Entanglement refers to the coordinated behavior of tiny particles that have interacted but then drifted apart. Measuring properties—such as position, momentum, or spin—of one of the separated pair of particles immediately changes the results of the other particle, no matter how far the second particle has moved from its twin. In fact, the state of one entangled particle or qubit is inseparable from the other.

Quantum entanglement has been observed between stable particles such as photons or electrons.

But Demina and her group broke new ground as they discovered for the first time that entanglement persists between unstable top quarks and their antimatter partners at distances beyond what can be covered by information transferred at the speed of light. Specifically, the researchers observed spin correlation between the particles.

The particles therefore demonstrated what Einstein described as “spooky action at a distance.”

A ‘new path’ for quantum research

The finding was reported by the Compact Muon Solenoid (CMS) Collaboration at the European Center for Nuclear Research, or CERN, where the experiment was conducted.

“The confirmation of quantum entanglement between the heaviest fundamental particles, the top quarks, has opened a new avenue for probing the quantum nature of our world at energies far beyond what is accessible,” the report said.

CERN, located near Geneva, Switzerland, is the world’s largest particle physics laboratory. Producing top quarks requires the very high energies available at the Large Hadron Collider (LHC), which allows scientists to send high-energy particles spinning around a 17-kilometer underground track at speeds close to the speed of light.

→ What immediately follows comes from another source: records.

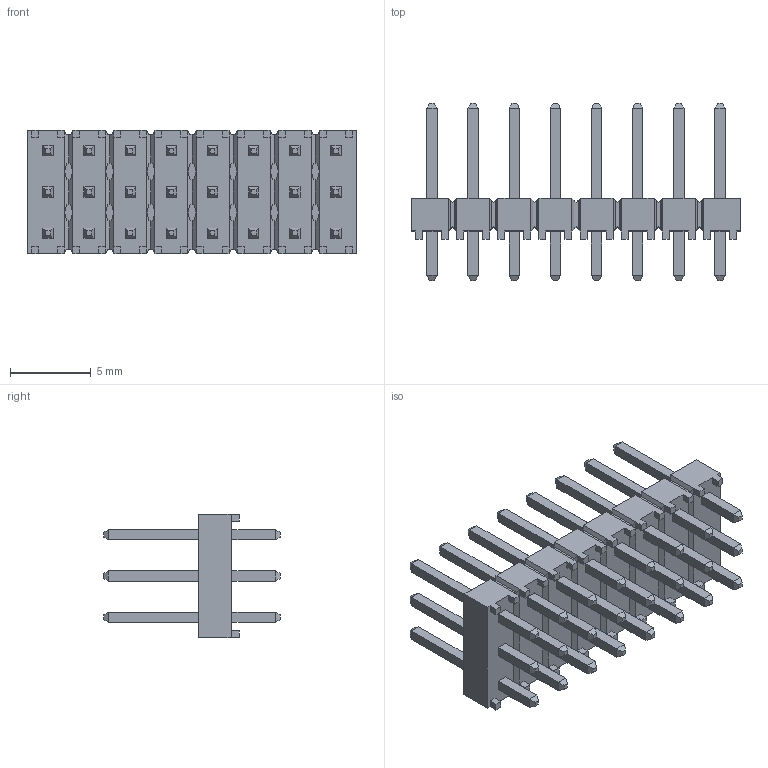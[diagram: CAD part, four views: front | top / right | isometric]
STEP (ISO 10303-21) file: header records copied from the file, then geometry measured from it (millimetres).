
FILE_DESCRIPTION(/* description */ ('STEP AP214'),/* implementation_level */ '2;1');
FILE_NAME(/* name */ 'TSW-108-07-T-T',/* time_stamp */ '2024-09-05T00:20:38+02:00',/* author */ ('License CC BY-ND 4.0'),/* organization */ ('CADENAS'),/* preprocessor_version */ 'ST-DEVELOPER v19.3',/* originating_system */ 'PARTsolutions',/* authorisation */ ' ');
FILE_SCHEMA (('AUTOMOTIVE_DESIGN {1 0 10303 214 3 1 1}'));
Length unit declared in the file: inch
Products named in the file (3): TSW-108-07-T-T; TSW-108-07-T-T_body; T-1S6-07-TSW-1-07-8-T
Assembly tree (2 placements, depth 2):
  TSW-108-07-T-T
    TSW-108-07-T-T_body
    T-1S6-07-TSW-1-07-8-T
Bounding box: 20.32 x 10.92 x 7.62 mm (x, y, z)
Volume: 395.6 mm3; surface area: 1498.2 mm2
Topology: 2 solids, 2 shells, 906 faces, 2258 edges, 1376 vertices
Faces by surface type: plane 906
Entity records: 26088 total; most frequent: CARTESIAN_POINT 4543, ORIENTED_EDGE 4516, DIRECTION 4076, EDGE_CURVE 2258, LINE 2258, VECTOR 2258, VERTEX_POINT 1376, EDGE_LOOP 1002

The phenomenon of entanglement has become the basis of a burgeoning field of quantum information science, which has broad implications in areas such as cryptography and quantum computing.

Top quarks, each as heavy as a gold atom, can only be produced in colliders such as the LHC, and thus are unlikely to be used to build a quantum computer. But studies like those conducted by Demina and her group can shed light on how long the entanglement lasts, whether it is passed on to the particle’s “daughters” or decay products, and what, if anything, ultimately breaks the entanglement.

Theorists believe that the universe was in a entangled state after the initial stage of rapid expansion. The new result observed by Demina and her researchers may help scientists understand what caused the loss of quantum coupling in our world.

Top quarks in long-range quantum entanglements

Demina recorded a video for CMS’ social media channels to explain the result to her group. She used the analogy of an indecisive king from a distant land whom she called “King Top”.

King Top receives word that his country is under attack, so he sends messengers to tell all the people in his land to prepare for defense. But then, Demina explains in the video, he changed his mind and sent messengers to order the people to retreat.

“He keeps spinning like this, and nobody knows what his decision will be in the next moment,” says Demina.

No one, Demina explains, except the leader of a village in this kingdom, who is known as “Anti-Top.”

“They know their state of mind at any given moment,” says Demina.

Demina’s research group consists of her and graduate student Alan Herrera and postdoctoral fellow Otto Hindrichs.

As a graduate student, Demina was on the team that discovered the top quark in 1995. Later, as a faculty member at Rochester, Demina led a team of scientists from across the US who built a tracking device that played a key role in the 2012 discovery d. of the Higgs boson – an elementary particle that helps explain the origin of mass in the universe.

Rochester researchers have a long history at CERN as part of the CMS Collaboration, which brings together physicists from around the world. Recently, another Rochester team achieved an important milestone in measuring the electroweak mixing angle, a crucial component of the Standard Model of particle physics that explains how the building blocks of matter interact.